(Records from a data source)
-------

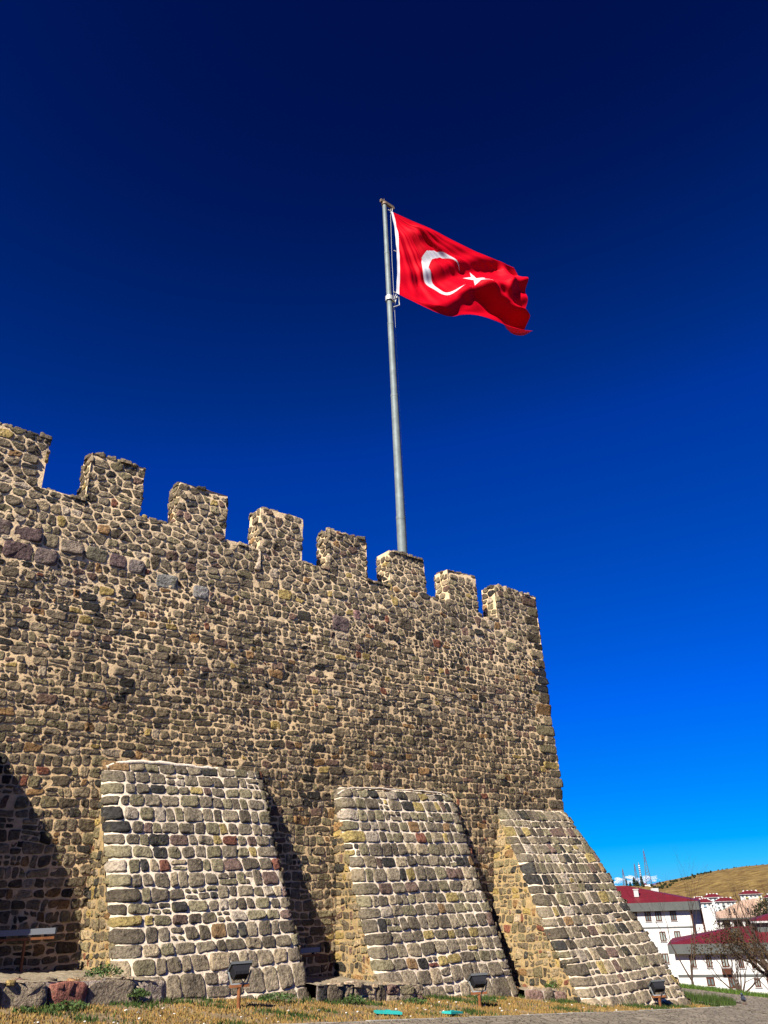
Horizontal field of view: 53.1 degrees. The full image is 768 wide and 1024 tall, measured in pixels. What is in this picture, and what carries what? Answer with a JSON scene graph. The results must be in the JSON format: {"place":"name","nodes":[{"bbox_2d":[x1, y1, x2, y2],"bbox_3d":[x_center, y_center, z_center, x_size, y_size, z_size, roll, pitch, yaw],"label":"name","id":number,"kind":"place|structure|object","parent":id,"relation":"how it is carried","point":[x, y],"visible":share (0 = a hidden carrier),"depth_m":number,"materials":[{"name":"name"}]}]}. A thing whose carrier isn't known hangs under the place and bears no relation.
{"place":"outdoors","nodes":[
{"label":"outdoors","id":0,"kind":"place"},
{"bbox_2d":[0,982,767,1023],"bbox_3d":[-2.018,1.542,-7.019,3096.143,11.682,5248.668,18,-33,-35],"label":"ground","id":1,"kind":"structure","parent":0,"point":[311,989],"depth_m":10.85,"materials":[{"name":"green plant"}]},
{"bbox_2d":[11,1004,35,1013],"bbox_3d":[-4.309,5.963,9.181,0.304,0.132,0.288,18,-33,-35],"label":"weed","id":2,"kind":"object","parent":1,"relation":"on","point":[22,1010],"visible":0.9,"depth_m":9.16,"materials":[{"name":"green plant"}]},
{"bbox_2d":[46,999,89,1010],"bbox_3d":[-3.991,6.223,9.682,0.532,0.134,0.530,18,-33,-35],"label":"weed","id":3,"kind":"object","parent":1,"relation":"on","point":[75,1003],"visible":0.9,"depth_m":9.63,"materials":[{"name":"green plant"}]},
{"bbox_2d":[127,987,150,999],"bbox_3d":[-3.382,6.647,10.593,0.325,0.164,0.336,-20,-31,31],"label":"weed","id":4,"kind":"object","parent":1,"relation":"on","point":[143,993],"visible":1,"depth_m":10.54,"materials":[{"name":"green plant"}]},
{"bbox_2d":[227,960,251,1008],"bbox_3d":[-2.080,6.841,11.027,0.350,0.689,0.279,11,-29,-25],"label":"floodlight","id":5,"kind":"object","parent":1,"relation":"on","point":[238,970],"visible":0.95,"depth_m":11.05,"materials":[{"name":"grey metal"}]},
{"bbox_2d":[259,992,296,1001],"bbox_3d":[-1.647,7.489,11.862,0.615,0.147,0.621,18,-33,-35],"label":"weed","id":6,"kind":"object","parent":1,"relation":"on","point":[283,996],"visible":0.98,"depth_m":11.81,"materials":[{"name":"green plant"}]},
{"bbox_2d":[300,946,320,956],"bbox_3d":[-1.561,8.354,14.128,0.868,0.590,0.110,14,-31,-30],"label":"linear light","id":7,"kind":"object","parent":1,"relation":"on","point":[313,950],"visible":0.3,"depth_m":14.31,"materials":[{"name":"grey metal"}]},
{"bbox_2d":[0,422,691,1008],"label":"castle wall","id":8,"kind":"structure","parent":1,"relation":"on","point":[268,752],"depth_m":15.54,"materials":[{"name":"stone"}]},
{"bbox_2d":[0,927,56,971],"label":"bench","id":9,"kind":"object","parent":8,"relation":"attached to","point":[4,934],"visible":0.87,"depth_m":11.60,"materials":[{"name":"grey metal"}]},
{"bbox_2d":[84,964,123,977],"bbox_3d":[-3.894,6.393,10.689,0.540,0.202,0.534,18,-33,-35],"label":"weed","id":10,"kind":"object","parent":8,"relation":"on","point":[108,969],"visible":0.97,"depth_m":10.63,"materials":[{"name":"green plant"}]},
{"bbox_2d":[380,198,406,552],"bbox_3d":[0.361,-4.439,27.714,0.839,19.280,0.839,-3,-27,2],"label":"flagpole","id":11,"kind":"object","parent":8,"relation":"on","point":[399,498],"visible":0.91,"depth_m":27.36,"materials":[{"name":"metal"}]},
{"bbox_2d":[388,209,530,335],"bbox_3d":[3.401,-9.884,31.960,6.708,4.890,1.242,14,-31,-29],"label":"flag","id":12,"kind":"object","parent":11,"relation":"attached to","point":[437,272],"visible":1,"depth_m":31.97,"materials":[{"name":"fabric"}]},
{"bbox_2d":[545,977,559,989],"bbox_3d":[3.599,9.872,16.064,0.550,0.311,0.553,18,-33,-35],"label":"weed","id":13,"kind":"object","parent":8,"relation":"on","point":[549,984],"visible":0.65,"depth_m":15.93,"materials":[{"name":"green plant"}]},
{"bbox_2d":[343,993,363,1003],"bbox_3d":[-0.500,7.866,12.399,0.384,0.166,0.397,18,-33,-35],"label":"weed","id":14,"kind":"object","parent":1,"relation":"on","point":[353,998],"visible":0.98,"depth_m":12.36,"materials":[{"name":"green plant"}]},
{"bbox_2d":[34,1001,685,1023],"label":"pebbles","id":15,"kind":"object","parent":1,"relation":"on","point":[319,1010],"visible":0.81,"depth_m":11.35,"materials":[{"name":"grey stone"}]},
{"bbox_2d":[374,1010,401,1014],"bbox_3d":[0.060,7.524,11.567,0.400,0.048,0.180,9,-28,-11],"label":"utility cover","id":16,"kind":"object","parent":1,"relation":"on","point":[388,1012],"visible":1,"depth_m":11.51,"materials":[{"name":"teal paint"}]},
{"bbox_2d":[403,997,426,1003],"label":"weed","id":17,"kind":"object","parent":1,"relation":"on","point":[415,1000],"visible":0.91,"depth_m":13.11,"materials":[{"name":"green plant"}]},
{"bbox_2d":[442,1010,462,1013],"bbox_3d":[1.082,7.918,12.167,0.180,0.048,0.320,-22,-38,34],"label":"utility cover","id":18,"kind":"object","parent":1,"relation":"on","point":[452,1012],"visible":1,"depth_m":12.09,"materials":[{"name":"teal paint"}]},
{"bbox_2d":[467,973,487,1006],"bbox_3d":[1.665,8.439,13.464,0.350,0.624,0.277,4,-27,-13],"label":"floodlight","id":19,"kind":"object","parent":1,"relation":"on","point":[476,980],"visible":0.95,"depth_m":13.47,"materials":[{"name":"grey metal"}]},
{"bbox_2d":[469,996,496,1002],"bbox_3d":[1.817,9.088,14.288,0.565,0.140,0.577,18,-33,-35],"label":"weed","id":20,"kind":"object","parent":1,"relation":"on","point":[492,999],"visible":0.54,"depth_m":14.28,"materials":[{"name":"green plant"}]},
{"bbox_2d":[289,1006,734,1023],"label":"kerb","id":21,"kind":"structure","parent":1,"relation":"on","point":[505,1015],"depth_m":12.28,"materials":[{"name":"stone"}]},
{"bbox_2d":[647,979,665,1005],"bbox_3d":[5.769,10.159,16.126,0.350,0.597,0.278,2,-27,-9],"label":"floodlight","id":22,"kind":"object","parent":1,"relation":"on","point":[655,986],"visible":0.92,"depth_m":16.13,"materials":[{"name":"grey metal"}]},
{"bbox_2d":[624,851,706,983],"bbox_3d":[10.338,15.138,27.101,3.192,6.200,1.571,-3,-27,2],"label":"bare tree","id":23,"kind":"object","parent":1,"relation":"on","point":[691,962],"visible":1,"depth_m":27.38,"materials":[{"name":"brown plant"}]},
{"bbox_2d":[683,918,767,991],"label":"bare tree","id":24,"kind":"object","parent":1,"relation":"on","point":[732,940],"visible":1,"depth_m":24.60,"materials":[{"name":"brown plant"}]},
{"bbox_2d":[687,877,767,976],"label":"bare tree","id":25,"kind":"object","parent":1,"relation":"on","point":[752,921],"visible":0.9,"depth_m":26.00,"materials":[{"name":"brown plant"}]},
{"bbox_2d":[711,902,767,989],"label":"bare tree","id":26,"kind":"object","parent":1,"relation":"on","point":[751,951],"visible":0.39,"depth_m":31.79,"materials":[{"name":"brown plant"}]},
{"bbox_2d":[0,0,767,885],"label":"sky","id":27,"kind":"structure","parent":0,"point":[193,278],"materials":[{"name":"blue"}]},
{"bbox_2d":[307,988,767,1023],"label":"path","id":28,"kind":"structure","parent":0,"point":[754,1009],"depth_m":13.82,"materials":[{"name":"grey concrete"}]},
{"bbox_2d":[740,993,745,1004],"bbox_3d":[8.315,11.260,17.773,0.112,0.255,0.291,-17,-30,27],"label":"pigeon","id":29,"kind":"object","parent":28,"relation":"on","point":[743,998],"visible":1,"depth_m":17.72,"materials":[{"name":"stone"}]},
{"bbox_2d":[631,864,767,908],"bbox_3d":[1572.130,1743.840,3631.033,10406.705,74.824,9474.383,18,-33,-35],"label":"hillside","id":30,"kind":"structure","parent":0,"point":[720,882],"depth_m":1190.85,"materials":[{"name":"brown plant"}]},
{"bbox_2d":[643,850,652,884],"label":"radio mast","id":31,"kind":"object","parent":30,"relation":"on","point":[646,869],"visible":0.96,"depth_m":1301.36,"materials":[{"name":"grey metal"}]},
{"bbox_2d":[615,886,718,978],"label":"white house","id":32,"kind":"structure","parent":30,"relation":"on","point":[677,919],"depth_m":117.80,"materials":[{"name":"grey paint"}]},
{"bbox_2d":[644,912,651,921],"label":"window","id":33,"kind":"structure","parent":32,"relation":"in","point":[647,915],"depth_m":118.87,"materials":[{"name":"white glass"}]},
{"bbox_2d":[655,911,662,921],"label":"window","id":34,"kind":"structure","parent":32,"relation":"in","point":[658,916],"depth_m":118.38,"materials":[{"name":"grey glass"}]},
{"bbox_2d":[659,931,666,941],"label":"window","id":35,"kind":"structure","parent":32,"relation":"in","point":[662,937],"depth_m":117.11,"materials":[{"name":"grey glass"}]},
{"bbox_2d":[662,953,669,963],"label":"window","id":36,"kind":"structure","parent":32,"relation":"in","point":[665,955],"depth_m":115.89,"materials":[{"name":"grey"}]},
{"bbox_2d":[669,911,676,920],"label":"window","id":37,"kind":"structure","parent":32,"relation":"in","point":[673,916],"depth_m":117.72,"materials":[{"name":"white glass"}]},
{"bbox_2d":[674,931,680,936],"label":"window","id":38,"kind":"structure","parent":32,"relation":"in","point":[676,933],"depth_m":116.63,"materials":[{"name":"grey glass"}]},
{"bbox_2d":[699,898,712,907],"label":"apartment block","id":39,"kind":"structure","parent":30,"relation":"on","point":[705,901],"depth_m":667.96,"materials":[{"name":"grey paint"}]},
{"bbox_2d":[702,893,721,910],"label":"apartment block","id":40,"kind":"structure","parent":30,"relation":"on","point":[711,898],"depth_m":709.08,"materials":[{"name":"grey paint"}]},
{"bbox_2d":[667,926,767,993],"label":"white house","id":41,"kind":"structure","parent":30,"relation":"on","point":[702,974],"depth_m":93.28,"materials":[{"name":"grey paint"}]},
{"bbox_2d":[689,955,696,968],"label":"window","id":42,"kind":"structure","parent":41,"relation":"in","point":[694,965],"depth_m":93.94,"materials":[{"name":"brown"}]},
{"bbox_2d":[705,955,712,967],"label":"window","id":43,"kind":"structure","parent":41,"relation":"in","point":[709,962],"depth_m":93.46,"materials":[{"name":"brown"}]},
{"bbox_2d":[706,977,715,986],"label":"window","id":44,"kind":"structure","parent":41,"relation":"in","point":[710,980],"depth_m":92.62,"materials":[{"name":"brown glass"}]},
{"bbox_2d":[720,955,729,967],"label":"window","id":45,"kind":"structure","parent":41,"relation":"in","point":[726,964],"depth_m":92.87,"materials":[{"name":"brown"}]},
{"bbox_2d":[728,977,736,988],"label":"window","id":46,"kind":"structure","parent":41,"relation":"in","point":[731,978],"depth_m":91.83,"materials":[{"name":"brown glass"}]},
{"bbox_2d":[738,955,745,968],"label":"window","id":47,"kind":"structure","parent":41,"relation":"in","point":[742,962],"depth_m":92.19,"materials":[{"name":"brown glass"}]},
{"bbox_2d":[754,978,761,987],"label":"window","id":48,"kind":"structure","parent":41,"relation":"in","point":[757,985],"depth_m":90.87,"materials":[{"name":"brown"}]},
{"bbox_2d":[713,897,736,910],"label":"apartment block","id":49,"kind":"structure","parent":30,"relation":"on","point":[719,903],"depth_m":663.33,"materials":[{"name":"grey paint"}]},
{"bbox_2d":[715,898,763,928],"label":"columned building","id":50,"kind":"structure","parent":30,"relation":"on","point":[722,918],"depth_m":136.73,"materials":[{"name":"paint"}]},
{"bbox_2d":[738,890,762,901],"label":"apartment block","id":51,"kind":"structure","parent":30,"relation":"on","point":[746,895],"depth_m":700.23,"materials":[{"name":"grey paint"}]},
{"bbox_2d":[750,898,767,916],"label":"pine tree","id":52,"kind":"object","parent":30,"relation":"on","point":[756,910],"visible":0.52,"depth_m":122.03,"materials":[{"name":"green plant"}]},
{"bbox_2d":[751,914,767,931],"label":"grey house","id":53,"kind":"structure","parent":30,"relation":"on","point":[765,918],"depth_m":95.43,"materials":[{"name":"grey"}]}
]}

-------

*Task to carry out*: Return each line of the data where the word "outdoors" appears.

*Written response*:
{"place":"outdoors","nodes":[
{"label":"outdoors","id":0,"kind":"place"},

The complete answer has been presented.